Michael’s humor darkened to a dangerous level. He tried not to clench his fists. Phineas was far overdue for a letdown.

The insufferable buffoon slapped him on the shoulder. “A bit less propriety, eh? If you’re not careful, you’ll put the caricaturists out of business. A tryst with all three would make for a fine cartoon, even if it means sharing one’s bed with a mouse and a harpy.”

Michael was of a mood to shake the man silly. And torch the caricaturists’ entire shops. He turned away before saying something he would regret… and came face-to-face with the dark-eyed middle sister Phineas had just called a harpy.

No woman deserved to hear such garbage. He was going to have to box Phineas’s ears after all.

“Please ignore that imbecile.” Michael tamped down his nasty mood and did his best to summon a jest to lighten the terrible situation. “Aren’t you a Grenville? Shouldn’t you be on stage?”

To his surprise, she glared at him, not Phineas, as if Michael’s mere presence wounded her more deeply than the repugnant gossip’s ignorant slurs. “Tonight is a dinner party, not a musicale. Or can’t you read your invitation?” Her cupid’s bow lips curved into a sneer. “Shouldn’t a soulless cretin like you be fleeing a viscountess’s balcony or out seducing debutantes three at a time?”

He stepped backward, his jaw dropping in shock. No wonder the chit was known as a harpy. “A soulless cretin like me? I suppose a termagant like you will never have to worry about being seduced by anyone.”

The moment the words left his lips, he regretted having allowed her to prick his foul temper—but it was too late to take them back.

The elder sister had walked around the corner just in time to miss the harpy’s needling comments, but overhear every single syllable of Michael’s incredibly tasteless reply.

Out.” Green eyes flashing with anger, her stiff arm pointed straight toward the door.

“Miss Grenville, I… I don’t know what came over me.” Horror flooded him as his cheeks flamed in embarrassment. He turned to the middle sister. “I do apolo—”

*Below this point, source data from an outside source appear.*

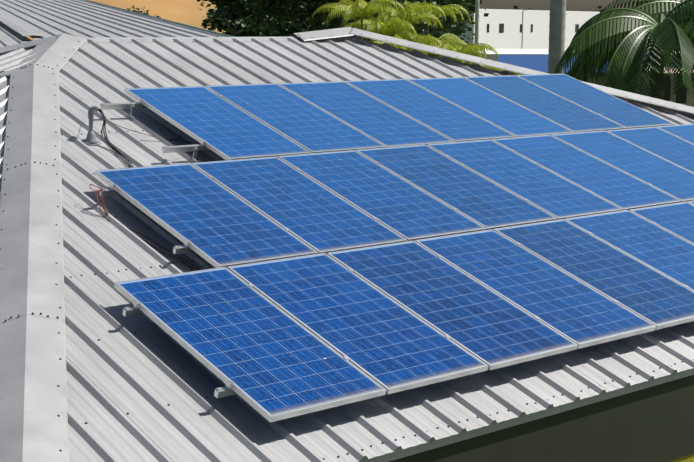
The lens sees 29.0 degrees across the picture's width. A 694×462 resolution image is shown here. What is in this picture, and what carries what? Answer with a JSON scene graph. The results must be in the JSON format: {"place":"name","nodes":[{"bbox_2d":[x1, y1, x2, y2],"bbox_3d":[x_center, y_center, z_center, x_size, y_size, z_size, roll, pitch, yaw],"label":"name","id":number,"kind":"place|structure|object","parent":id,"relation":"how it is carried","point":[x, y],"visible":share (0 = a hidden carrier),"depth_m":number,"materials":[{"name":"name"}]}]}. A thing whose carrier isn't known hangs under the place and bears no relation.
{"place":"outdoors","nodes":[
{"label":"outdoors","id":0,"kind":"place"},
{"bbox_2d":[0,0,223,39],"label":"walkway roof","id":1,"kind":"structure","parent":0,"point":[76,18],"depth_m":30.37,"materials":[{"name":"grey metal"}]},
{"bbox_2d":[0,22,31,46],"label":"walkway roof","id":2,"kind":"structure","parent":1,"relation":"on","point":[9,36],"depth_m":25.05,"materials":[{"name":"metal"}]},
{"bbox_2d":[0,12,42,36],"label":"metal roof","id":3,"kind":"structure","parent":1,"relation":"on","point":[17,26],"depth_m":26.93,"materials":[{"name":"white metal"}]},
{"bbox_2d":[85,0,233,36],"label":"ridge cap","id":4,"kind":"object","parent":1,"relation":"attached to","point":[209,31],"depth_m":30.69,"materials":[{"name":"grey metal"}]},
{"bbox_2d":[58,36,693,461],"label":"metal roof","id":5,"kind":"structure","parent":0,"point":[146,372],"depth_m":10.28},
{"bbox_2d":[98,109,133,167],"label":"electrical cables","id":6,"kind":"object","parent":5,"relation":"on","point":[112,147],"visible":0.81,"depth_m":12.83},
{"bbox_2d":[83,36,302,42],"bbox_3d":[-2.028,-2.440,17.050,3.550,0.057,0.303,-7,12,-40],"label":"ridge cap","id":7,"kind":"object","parent":5,"relation":"on","point":[149,39],"visible":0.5,"depth_m":16.93,"materials":[{"name":"grey metal"}]},
{"bbox_2d":[66,356,526,461],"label":"roof side laps","id":8,"kind":"object","parent":5,"relation":"on","point":[123,412],"visible":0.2,"depth_m":8.60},
{"bbox_2d":[0,28,692,459],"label":"roof screws","id":9,"kind":"object","parent":5,"relation":"in","point":[192,260],"visible":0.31,"depth_m":10.38,"materials":[{"name":"grey metal"}]},
{"bbox_2d":[0,27,693,461],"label":"roof cap flashings","id":10,"kind":"object","parent":5,"relation":"on","point":[32,393],"visible":0.88,"depth_m":10.48,"materials":[{"name":"grey metal"}]},
{"bbox_2d":[99,83,688,398],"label":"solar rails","id":11,"kind":"object","parent":5,"relation":"on","point":[219,392],"visible":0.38,"depth_m":11.64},
{"bbox_2d":[359,368,693,461],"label":"roof eave edge","id":12,"kind":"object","parent":5,"relation":"attached to","point":[433,443],"depth_m":9.67,"materials":[{"name":"grey metal"}]},
{"bbox_2d":[126,0,665,56],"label":"oak trees","id":13,"kind":"object","parent":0,"point":[273,18],"depth_m":93.21,"materials":[{"name":"green plant"}]},
{"bbox_2d":[361,0,693,107],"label":"palm","id":14,"kind":"object","parent":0,"point":[660,41],"depth_m":30.86,"materials":[{"name":"green plant"}]},
{"bbox_2d":[312,0,524,74],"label":"areca fronds","id":15,"kind":"object","parent":14,"relation":"attached to","point":[397,27],"visible":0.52,"depth_m":62.76,"materials":[{"name":"green plant"}]},
{"bbox_2d":[314,0,491,66],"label":"areca rachis","id":16,"kind":"object","parent":15,"relation":"attached to","point":[361,17],"visible":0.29,"depth_m":62.78,"materials":[{"name":"green plant"}]},
{"bbox_2d":[554,0,693,101],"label":"palm rachis","id":17,"kind":"object","parent":14,"relation":"attached to","point":[652,18],"visible":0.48,"depth_m":31.31,"materials":[{"name":"green plant"}]},
{"bbox_2d":[651,29,663,74],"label":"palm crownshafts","id":18,"kind":"object","parent":14,"relation":"on","point":[660,64],"visible":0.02,"depth_m":31.73,"materials":[{"name":"green"}]},
{"bbox_2d":[474,0,681,17],"label":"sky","id":19,"kind":"structure","parent":0,"point":[571,5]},
{"label":"ground","id":20,"kind":"structure","parent":0,"visible":0},
{"bbox_2d":[0,0,225,47],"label":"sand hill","id":21,"kind":"structure","parent":20,"relation":"on","point":[189,12],"depth_m":206.13,"materials":[{"name":"sand"}]},
{"bbox_2d":[474,0,529,54],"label":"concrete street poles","id":22,"kind":"object","parent":20,"relation":"on","point":[476,38],"visible":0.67,"depth_m":66.71,"materials":[{"name":"grey concrete"}]},
{"bbox_2d":[547,0,566,73],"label":"pole","id":23,"kind":"object","parent":20,"relation":"on","point":[557,26],"visible":0.27,"depth_m":44.63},
{"bbox_2d":[439,9,692,69],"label":"white building","id":24,"kind":"structure","parent":20,"relation":"on","point":[508,41],"depth_m":215.48,"materials":[{"name":"white paint"}]},
{"bbox_2d":[487,24,686,102],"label":"windows","id":25,"kind":"structure","parent":24,"relation":"in","point":[681,95],"depth_m":59.77,"materials":[{"name":"black glass"}]},
{"bbox_2d":[564,67,693,111],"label":"beige building","id":26,"kind":"structure","parent":20,"relation":"on","point":[689,101],"depth_m":60.23,"materials":[{"name":"beige"}]},
{"bbox_2d":[497,55,648,72],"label":"wall","id":27,"kind":"structure","parent":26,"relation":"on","point":[536,62],"depth_m":79.56,"materials":[{"name":"blue paint"}]},
{"bbox_2d":[670,453,693,461],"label":"building wall","id":28,"kind":"structure","parent":20,"relation":"on","point":[689,458],"depth_m":11.19,"materials":[{"name":"yellow paint"}]},
{"bbox_3d":[-1.820,-1.196,17.729,21.671,2.700,16.737,-7,12,-40],"label":"roof","id":29,"kind":"object","parent":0,"visible":0},
{"bbox_2d":[0,76,9,192],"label":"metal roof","id":30,"kind":"structure","parent":29,"relation":"attached to","point":[4,85],"depth_m":13.56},
{"bbox_2d":[0,46,37,71],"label":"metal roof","id":31,"kind":"structure","parent":29,"relation":"attached to","point":[10,60],"depth_m":15.31,"materials":[{"name":"metal"}]},
{"bbox_2d":[82,106,100,145],"bbox_3d":[-2.461,-1.015,12.885,0.190,0.381,0.184,-7,12,-40],"label":"conduit gooseneck","id":32,"kind":"object","parent":29,"relation":"on","point":[90,139],"visible":1,"depth_m":12.86,"materials":[{"name":"grey metal"}]},
{"bbox_2d":[89,117,205,270],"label":"loose cables","id":33,"kind":"object","parent":29,"relation":"on","point":[104,206],"visible":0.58,"depth_m":11.33,"materials":[{"name":"black rubber"}]},
{"bbox_2d":[95,74,693,421],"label":"solar panel frames","id":34,"kind":"structure","parent":29,"relation":"on","point":[256,406],"depth_m":11.59,"materials":[{"name":"silver metal"}]},
{"bbox_2d":[98,74,693,414],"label":"solar panels","id":35,"kind":"object","parent":34,"relation":"in","point":[267,356],"visible":1,"depth_m":12.05,"materials":[{"name":"blue glass"}]},
{"bbox_2d":[389,375,693,461],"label":"fascia band","id":36,"kind":"object","parent":29,"relation":"attached to","point":[653,423],"depth_m":10.37,"materials":[{"name":"metal"}]}
]}

“Out!” The elder sister’s finger shook with anger but did not waver from pointing to the door. “Must we toss you out by the scruff of your neck, like a common mongrel?”

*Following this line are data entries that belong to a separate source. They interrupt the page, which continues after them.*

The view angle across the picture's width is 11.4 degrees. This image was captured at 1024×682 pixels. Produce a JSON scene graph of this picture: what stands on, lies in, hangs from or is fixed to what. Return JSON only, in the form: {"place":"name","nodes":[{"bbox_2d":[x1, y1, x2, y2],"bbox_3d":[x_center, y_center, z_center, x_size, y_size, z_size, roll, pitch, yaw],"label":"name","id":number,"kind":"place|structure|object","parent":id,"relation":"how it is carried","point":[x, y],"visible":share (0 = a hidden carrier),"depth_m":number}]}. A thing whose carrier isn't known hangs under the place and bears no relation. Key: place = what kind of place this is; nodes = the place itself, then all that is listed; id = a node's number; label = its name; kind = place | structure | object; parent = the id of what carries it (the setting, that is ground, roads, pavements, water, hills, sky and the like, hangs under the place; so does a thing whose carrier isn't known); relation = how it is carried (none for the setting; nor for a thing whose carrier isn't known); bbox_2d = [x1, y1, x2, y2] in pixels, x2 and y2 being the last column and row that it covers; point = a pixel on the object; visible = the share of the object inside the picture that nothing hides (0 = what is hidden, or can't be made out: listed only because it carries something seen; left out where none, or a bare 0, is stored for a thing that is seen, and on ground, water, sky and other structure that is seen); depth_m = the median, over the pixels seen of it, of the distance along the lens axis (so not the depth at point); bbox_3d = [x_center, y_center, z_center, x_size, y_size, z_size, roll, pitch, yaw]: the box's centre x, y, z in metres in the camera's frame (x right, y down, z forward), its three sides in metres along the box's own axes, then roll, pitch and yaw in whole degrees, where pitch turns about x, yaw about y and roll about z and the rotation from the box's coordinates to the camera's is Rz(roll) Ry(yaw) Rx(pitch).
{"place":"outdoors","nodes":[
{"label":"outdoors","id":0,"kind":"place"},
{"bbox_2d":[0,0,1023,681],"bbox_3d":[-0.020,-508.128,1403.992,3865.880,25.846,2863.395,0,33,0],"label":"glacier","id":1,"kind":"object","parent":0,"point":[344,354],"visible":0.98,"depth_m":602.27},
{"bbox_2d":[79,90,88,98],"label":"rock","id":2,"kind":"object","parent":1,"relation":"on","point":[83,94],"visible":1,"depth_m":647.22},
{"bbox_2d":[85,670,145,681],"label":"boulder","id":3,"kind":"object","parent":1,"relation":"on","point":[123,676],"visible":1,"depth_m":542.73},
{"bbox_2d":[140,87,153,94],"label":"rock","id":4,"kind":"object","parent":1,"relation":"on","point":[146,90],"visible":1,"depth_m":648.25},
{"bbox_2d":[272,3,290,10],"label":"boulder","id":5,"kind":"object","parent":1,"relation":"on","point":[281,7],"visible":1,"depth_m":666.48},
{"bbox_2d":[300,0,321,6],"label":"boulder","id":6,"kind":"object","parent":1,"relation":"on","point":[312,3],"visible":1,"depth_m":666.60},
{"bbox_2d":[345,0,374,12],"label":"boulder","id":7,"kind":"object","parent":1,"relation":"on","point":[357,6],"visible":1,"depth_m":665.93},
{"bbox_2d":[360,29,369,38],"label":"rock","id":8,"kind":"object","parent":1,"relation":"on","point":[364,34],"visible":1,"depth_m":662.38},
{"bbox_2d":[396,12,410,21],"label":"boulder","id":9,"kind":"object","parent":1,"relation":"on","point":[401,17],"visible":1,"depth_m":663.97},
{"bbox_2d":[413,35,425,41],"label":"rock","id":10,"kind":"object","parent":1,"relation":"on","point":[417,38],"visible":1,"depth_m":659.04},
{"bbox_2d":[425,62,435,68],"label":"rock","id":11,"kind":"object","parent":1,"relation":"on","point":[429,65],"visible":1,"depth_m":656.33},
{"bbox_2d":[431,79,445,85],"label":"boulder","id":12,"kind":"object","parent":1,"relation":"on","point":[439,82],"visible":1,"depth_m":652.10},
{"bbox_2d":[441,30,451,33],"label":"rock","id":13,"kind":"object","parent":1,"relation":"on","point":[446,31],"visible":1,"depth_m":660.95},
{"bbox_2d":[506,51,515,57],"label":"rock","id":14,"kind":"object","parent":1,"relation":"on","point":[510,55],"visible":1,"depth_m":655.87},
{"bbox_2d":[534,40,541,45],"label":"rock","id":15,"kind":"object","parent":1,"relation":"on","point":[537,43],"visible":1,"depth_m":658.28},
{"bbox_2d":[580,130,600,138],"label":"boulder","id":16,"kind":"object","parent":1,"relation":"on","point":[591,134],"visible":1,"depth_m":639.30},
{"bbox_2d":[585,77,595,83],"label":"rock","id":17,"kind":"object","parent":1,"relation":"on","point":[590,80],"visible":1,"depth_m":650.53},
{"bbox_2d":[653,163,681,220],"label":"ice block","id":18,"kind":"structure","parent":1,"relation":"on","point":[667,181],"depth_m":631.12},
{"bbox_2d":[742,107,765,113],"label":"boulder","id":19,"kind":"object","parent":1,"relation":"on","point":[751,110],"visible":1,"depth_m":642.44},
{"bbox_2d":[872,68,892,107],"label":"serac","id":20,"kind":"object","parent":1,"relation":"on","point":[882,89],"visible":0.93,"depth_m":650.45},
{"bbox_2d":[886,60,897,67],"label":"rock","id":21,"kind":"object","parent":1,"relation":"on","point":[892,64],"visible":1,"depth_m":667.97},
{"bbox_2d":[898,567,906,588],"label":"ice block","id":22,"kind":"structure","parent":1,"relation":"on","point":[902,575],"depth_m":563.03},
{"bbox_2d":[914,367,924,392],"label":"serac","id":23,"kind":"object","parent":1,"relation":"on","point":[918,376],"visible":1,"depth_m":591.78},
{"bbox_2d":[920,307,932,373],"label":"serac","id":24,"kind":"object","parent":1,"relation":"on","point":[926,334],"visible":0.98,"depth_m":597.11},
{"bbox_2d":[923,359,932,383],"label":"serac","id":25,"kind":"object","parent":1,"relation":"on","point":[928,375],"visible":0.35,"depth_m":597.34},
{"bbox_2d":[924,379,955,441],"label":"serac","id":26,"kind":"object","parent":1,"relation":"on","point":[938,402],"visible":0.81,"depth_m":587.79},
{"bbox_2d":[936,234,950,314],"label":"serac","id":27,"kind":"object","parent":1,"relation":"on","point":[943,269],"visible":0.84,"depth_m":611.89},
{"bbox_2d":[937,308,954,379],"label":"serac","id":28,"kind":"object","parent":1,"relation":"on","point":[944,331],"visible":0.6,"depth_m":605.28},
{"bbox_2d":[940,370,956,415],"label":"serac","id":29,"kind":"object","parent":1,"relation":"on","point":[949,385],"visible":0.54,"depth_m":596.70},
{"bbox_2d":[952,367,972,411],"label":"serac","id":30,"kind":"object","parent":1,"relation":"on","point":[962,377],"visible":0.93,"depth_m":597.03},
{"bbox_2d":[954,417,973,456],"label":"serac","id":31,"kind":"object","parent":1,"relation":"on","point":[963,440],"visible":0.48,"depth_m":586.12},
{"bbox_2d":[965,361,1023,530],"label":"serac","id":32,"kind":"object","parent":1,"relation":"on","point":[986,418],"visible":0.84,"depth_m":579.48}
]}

“That will not be necessary.” He drew himself up stiffly.

Given the fiery, pious chit had quoted the Old Testament at him just last week, he would not be surprised if she’d rather smite an earl than toss him out on his ear.

He sketched the slowest, most elegant bow of his life, then walked out the door with his head held high.

Until he reached the street.

He could not believe how badly he’d bollocksed the situation. Or that he had been ejected, but Phineas Mapleton had somehow managed to avoid the ladies’ wrath—despite instigating the entire debacle.

Michael clenched his fingers in frustration. Bugger paying calls on respectable folk. When he climbed into his carriage, he sent the driver straight to the Cloven Hoof. At this point in his wretched day, he could definitely use a drink. Possibly several.

With luck, he would never run into any Grenville girls ever again.